[Start of section]
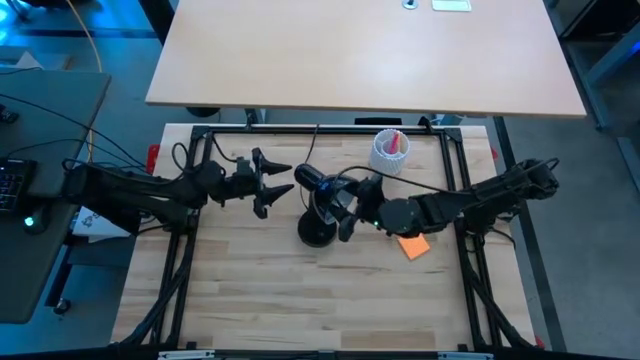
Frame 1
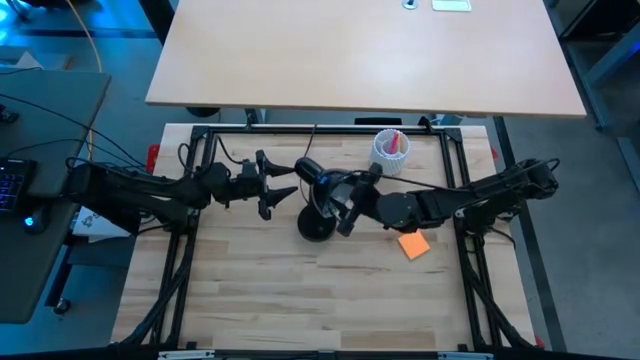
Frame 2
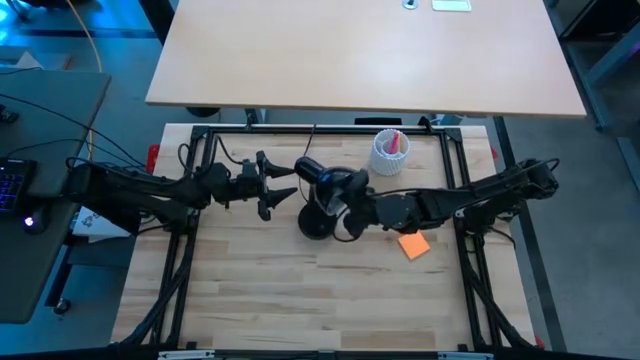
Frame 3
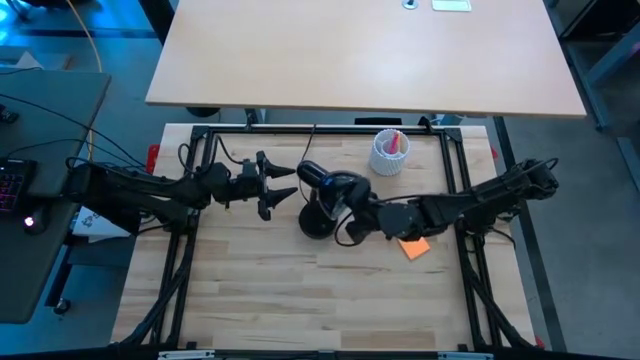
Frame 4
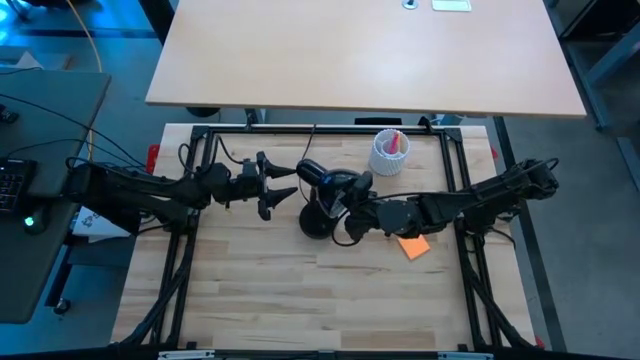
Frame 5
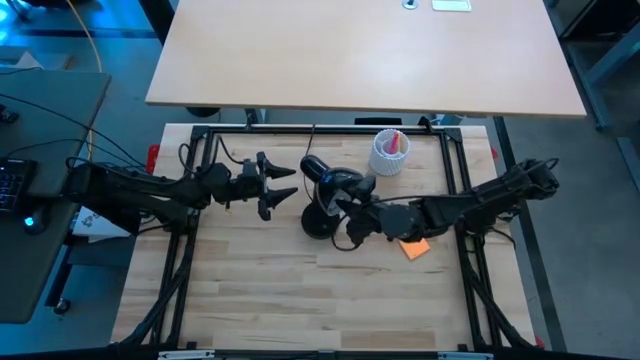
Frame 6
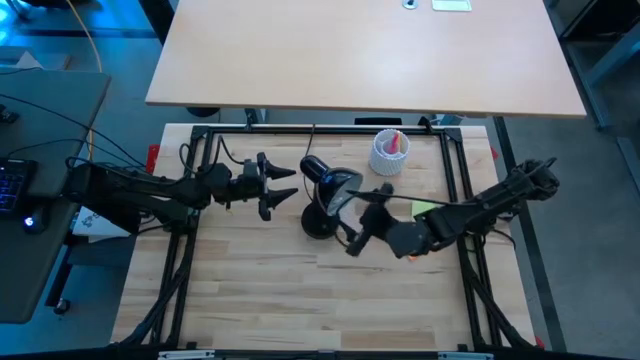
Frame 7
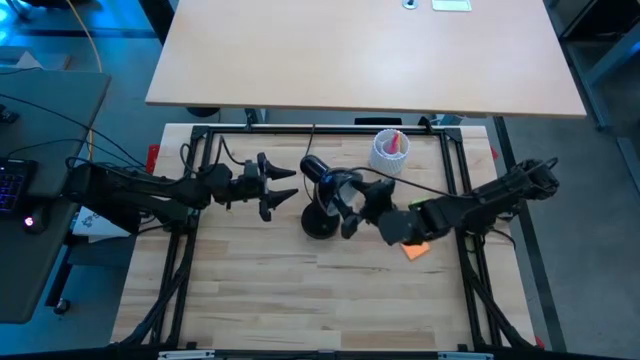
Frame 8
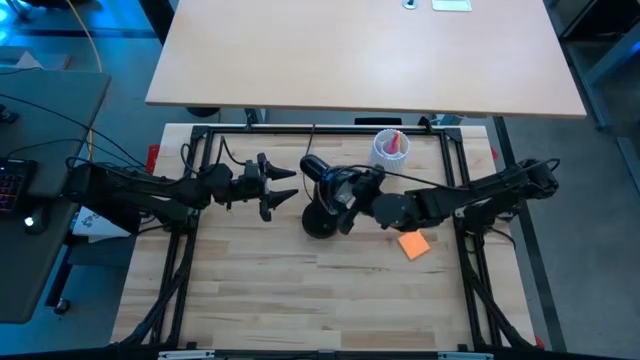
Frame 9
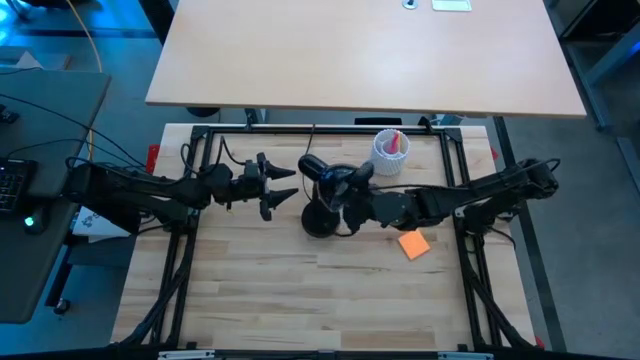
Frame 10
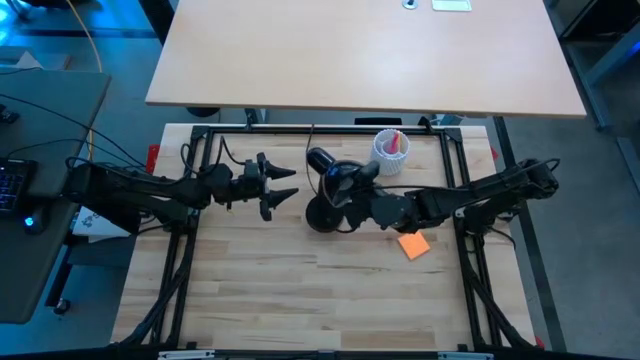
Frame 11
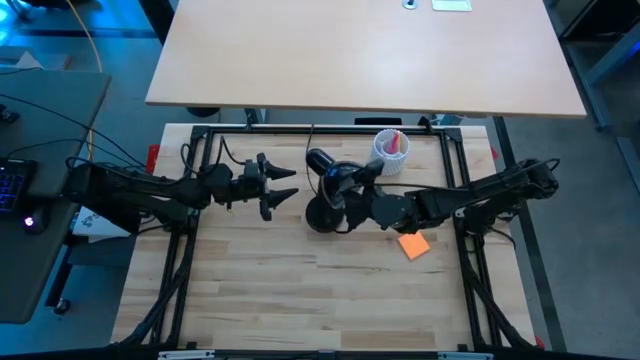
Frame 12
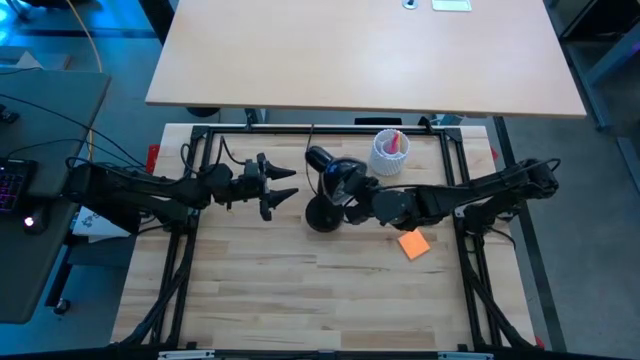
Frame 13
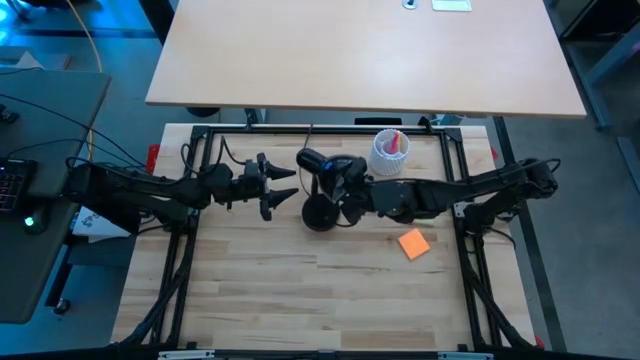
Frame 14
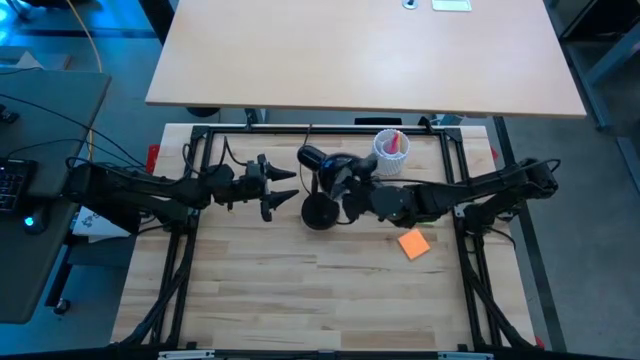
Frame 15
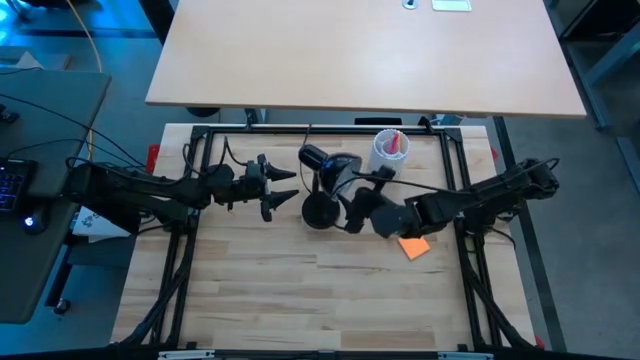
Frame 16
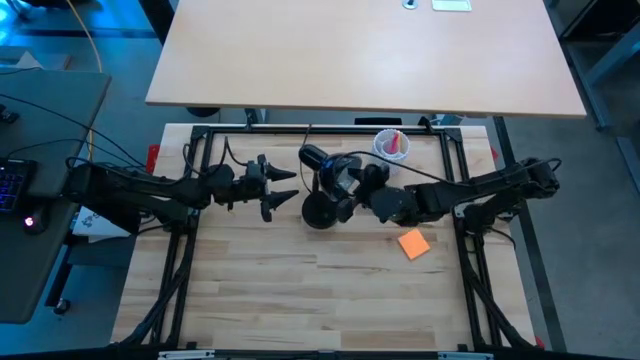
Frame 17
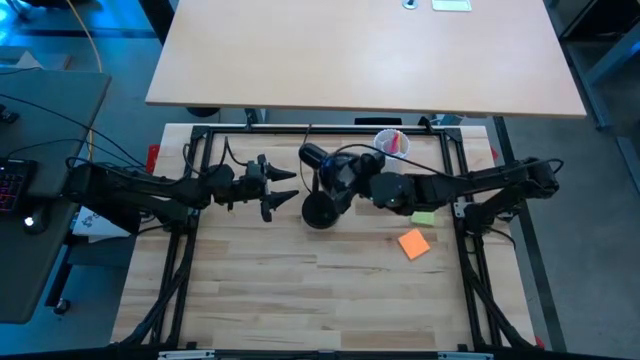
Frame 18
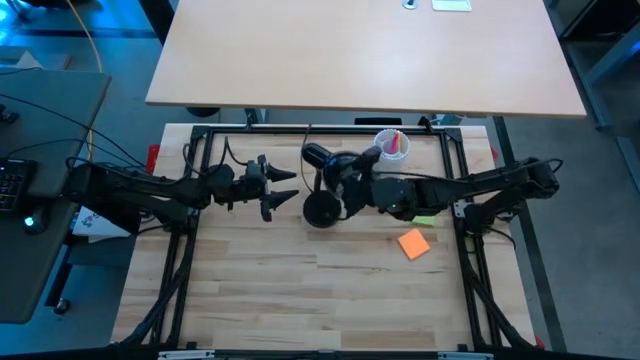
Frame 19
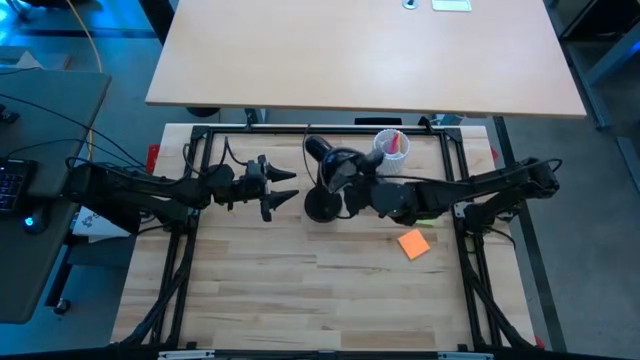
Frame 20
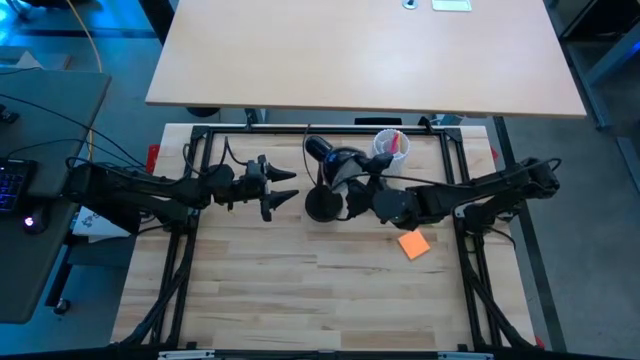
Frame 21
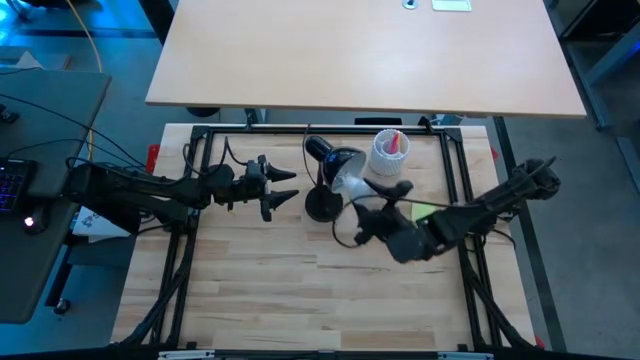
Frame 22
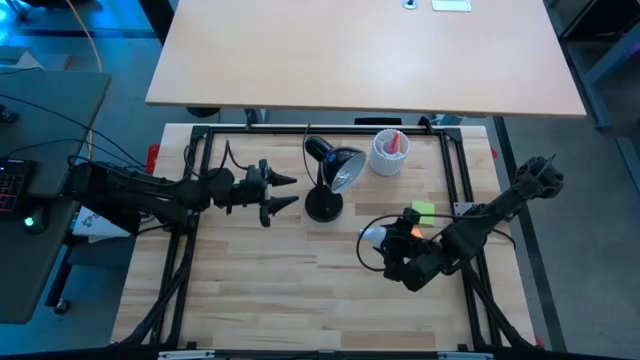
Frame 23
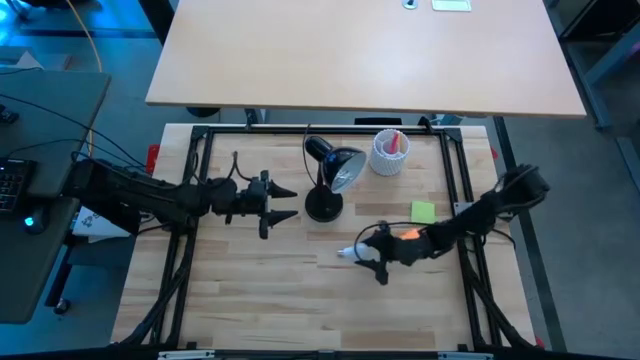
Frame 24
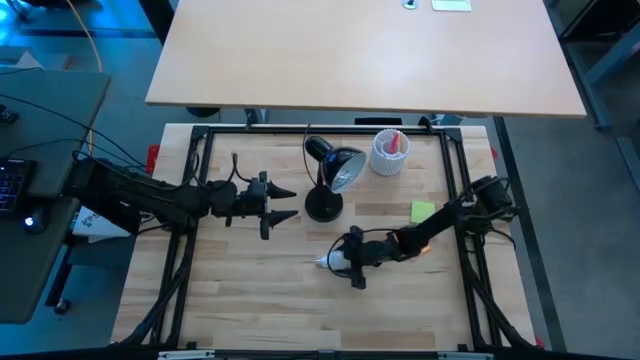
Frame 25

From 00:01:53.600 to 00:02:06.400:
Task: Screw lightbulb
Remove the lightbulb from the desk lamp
[End of section]
Word for word, restate each line above, minus its pictures.

Frame 1
Frame 2
Frame 3
Frame 4
Frame 5
Frame 6
Frame 7
Frame 8
Frame 9
Frame 10
Frame 11
Frame 12
Frame 13
Frame 14
Frame 15
Frame 16
Frame 17
Frame 18
Frame 19
Frame 20
Frame 21
Frame 22
Frame 23
Frame 24
Frame 25

From 00:01:53.600 to 00:02:06.400:
Task: Screw lightbulb
Remove the lightbulb from the desk lamp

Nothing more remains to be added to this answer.